I have a function $f(x) = \frac{1}{\sqrt{x}}$ on $[0, \pi]$ and want to find the area of the function, then the volume of the function were it revolved around the x-axis.
For the area:
$$\begin{align} A &= \int_0^\pi \frac{1}{\sqrt{x}} \, dx \\ &= \int_0^\pi \frac{1}{x^{\frac{1}{2}}} \, dx \\ &= \int_0^\pi x^{\frac{-1}{2}} \, dx \\ &= \left[ \frac{x^{\left(\frac{-1}{2}+1\right)}}{\left(\frac{-1}{2}+1\right)} \right]_0^\pi \\ &= \left[\frac{x^{\frac{1}{2}}}{\left( \frac{1}{2}\right)}\right]_0^\pi \\ &= \left[2x^{\frac{1}{2}}\right]_0^\pi \\ &= \left[2\sqrt{x}\right]_0^\pi \\ &= 2\sqrt{\pi} - 2\sqrt{0} \\ &= 2\sqrt{\pi} \end{align}$$
The area $A$ of $f(x)$ on $[0, \pi]$ is finite. Now revolving around the x-axis:
$$\begin{align} V &= \int_0^\pi \pi\left(\frac{1}{\sqrt{x}}\right)^2 \, dx \\ &= \int_0^\pi \pi\left(\frac{1^2}{\left(\sqrt{x}\right)^2}\right) \, dx \\ &= \int_0^\pi \pi\left(\frac{1}{x}\right) \, dx \\ &= \int_0^\pi \frac{\pi}{x} \, dx \\ &= \left[\pi \ln{x}\right]_0^\pi \\ &= \pi \left[\ln{x}\right]_0^\pi \\ &= \pi (\ln{\pi} - \ln{0}) \end{align}$$
Note $\ln{x}$ is undefined for $x = 0$ and complex for $x \lt 0$, thus the volume $V$ of $f(x)$ over $[0, \pi]$ is not finite.
How can an area of a function be finite, yet the volume of the same function rotated around an axis be infinite/undefined? Is this a quirk of the mathematics or I haven't yet learned how to find the volume of shapes like this? I don't know if the mathematics here is definitive or it's undefined as a consequence of my (lack of) knowledge.

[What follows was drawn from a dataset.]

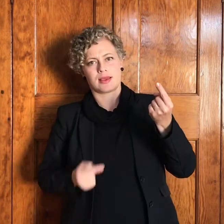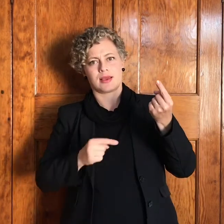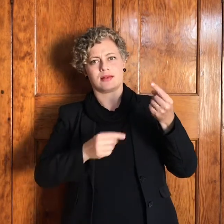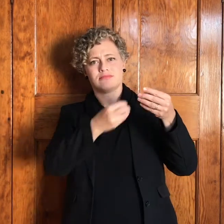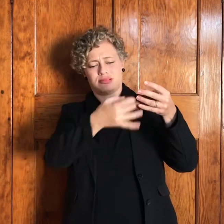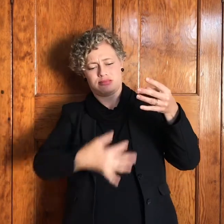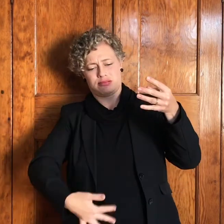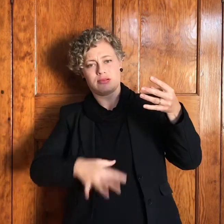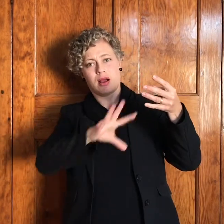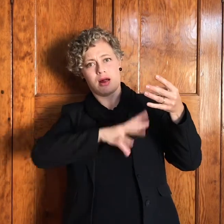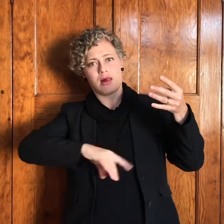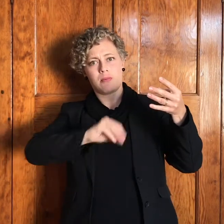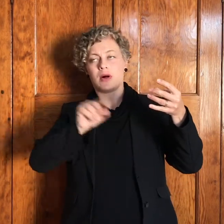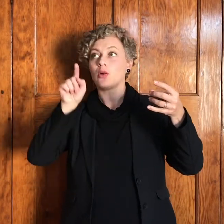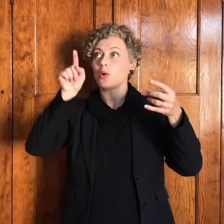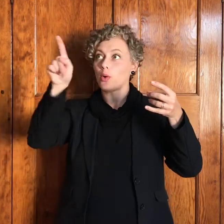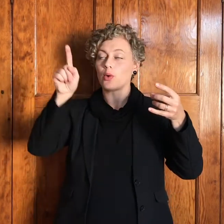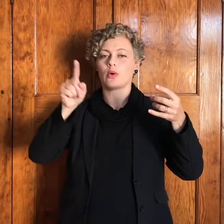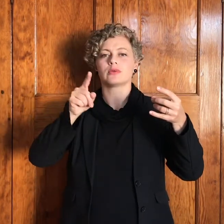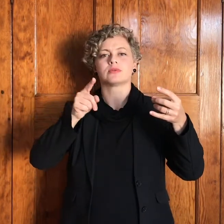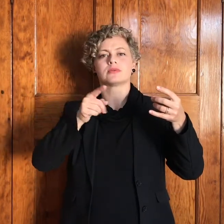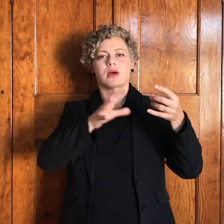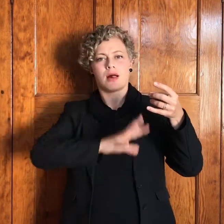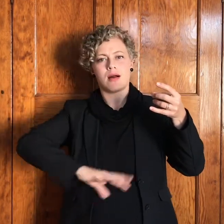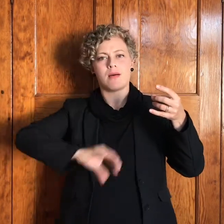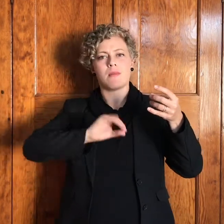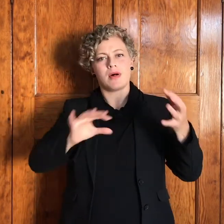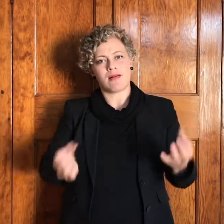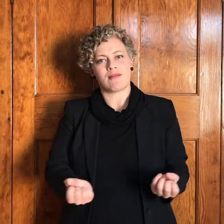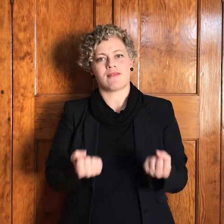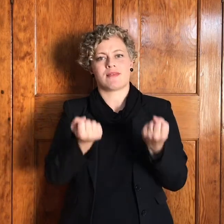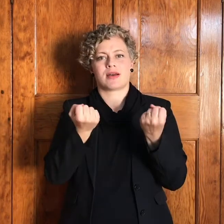word in die herese genade amen

When you integrate to compute the volume of the solid of revolution, you are integrating the square of the function. It turns out that $\frac 1{\sqrt x}$ is not square integrable, and the integral diverges to $+\infty$. Any function that is integrable but not square integrable will give finite area but infinite volume.